Robert Earl Myers Jr. (March 22, 1912 – March 12, 1976), also known as Bob Myers, was an American classical music record producer and artists & repertoire specialist. Myers spent most of his career at Capitol Records and the classical music division of its EMI parent company, Angel Records. During his early years with Capitol Records, Myers produced Grammy Award winning classical albums. In his later career, Myers led the Angel label in the United States, which included responsibility for all business and artist and repertoire decisions.

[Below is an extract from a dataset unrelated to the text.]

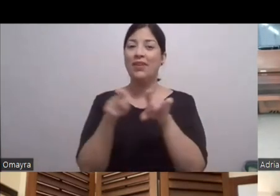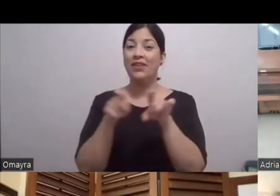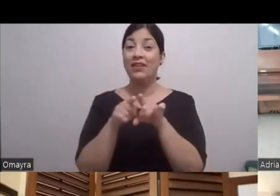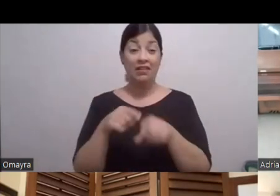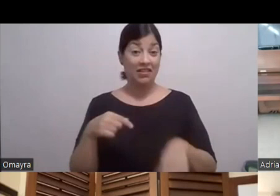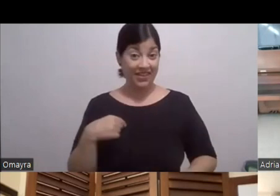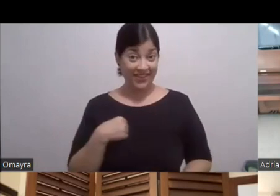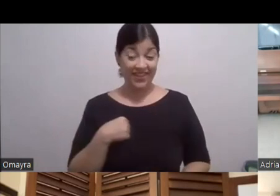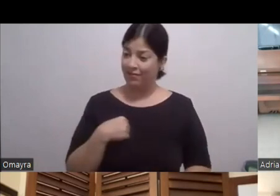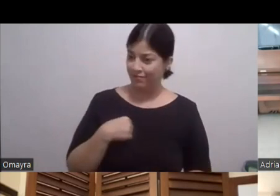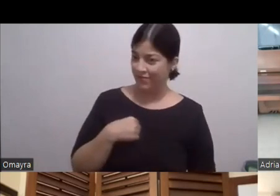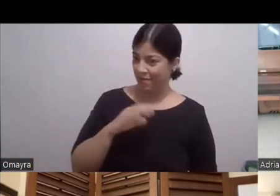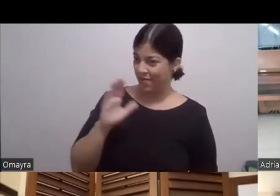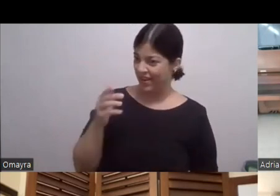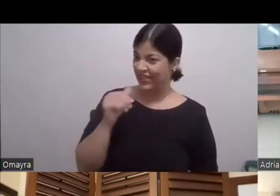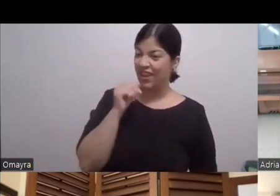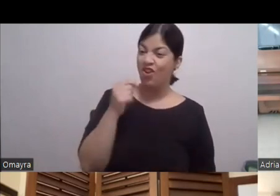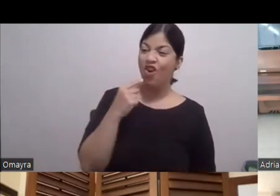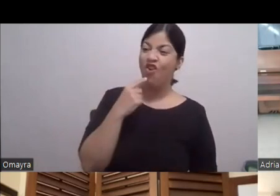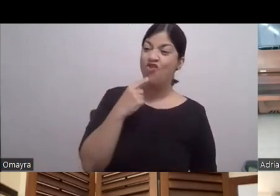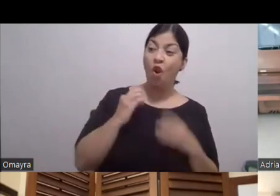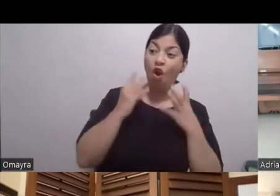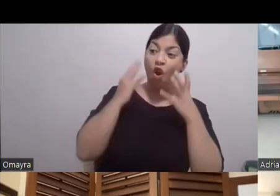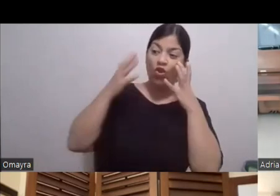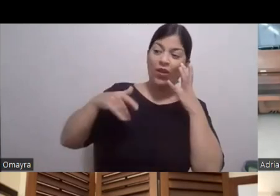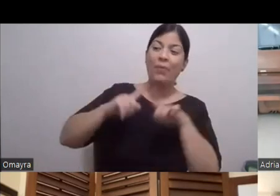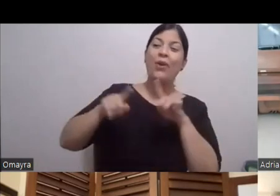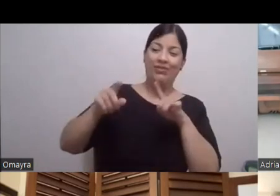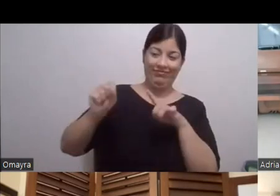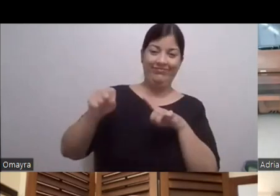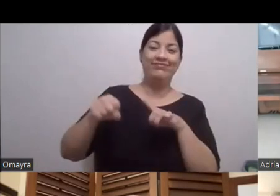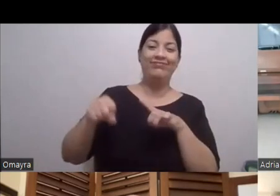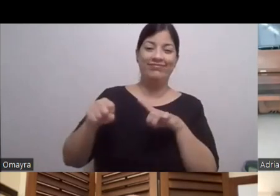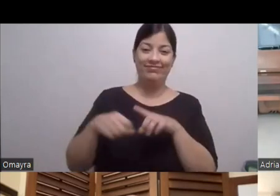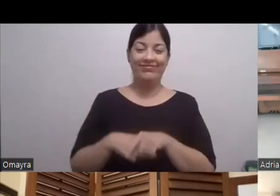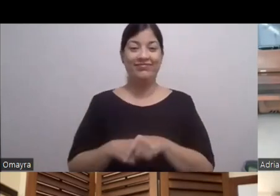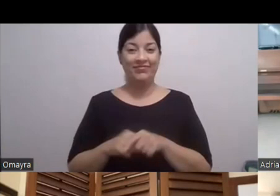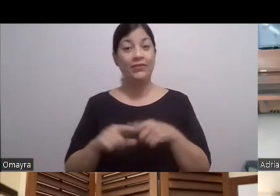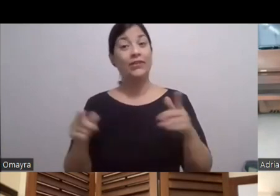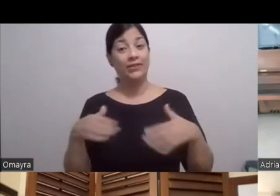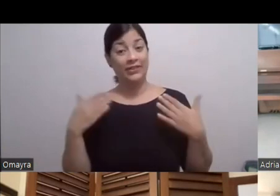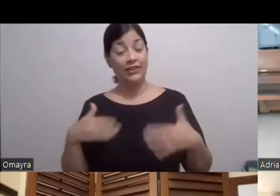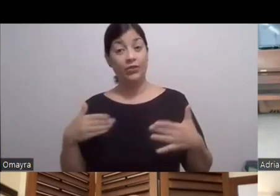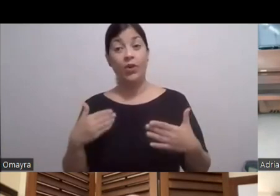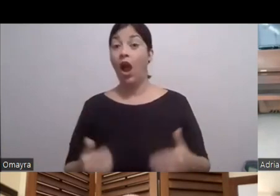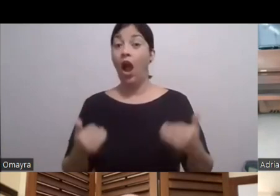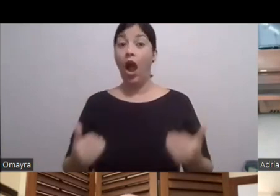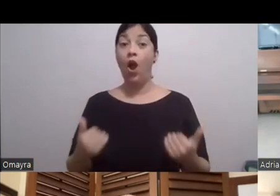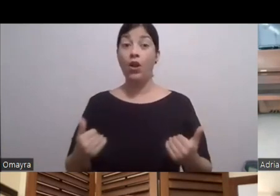estas alturas Del juego Ay mi madre Mira Bien contento Bien contento Vamos a zumbar La encuesta Néstor Si tú

==Early career (record producer)==
Robert Earl Myers Jr. was born in Mexico City. He began his career at RCA Victor. In 1945 he moved to Columbia Records where he worked in marketing and promotion, as well as producing records under the direction of artists and repertoire chief Bill Richards. Myers produced records by the Budapest String Quartet, Helen Traubel, Rise Stevens and Nelson Eddy.

Myers joined Capitol as classical sales promotions manager in 1949, the year that marked the company's first foray into the field of classical music. In 1952, Myers assumed responsibilities as a classical producer. During his tenure, Myers produced albums by Hollywood String Quartet, Felix Slatkin, Laurindo Almeida, Carmen Dragon, Roger Wagner Chorale, Marcel Grandjany, Hollywood Bowl Symphony Orchestra, Leonard Pennario and Salli Terri, among others.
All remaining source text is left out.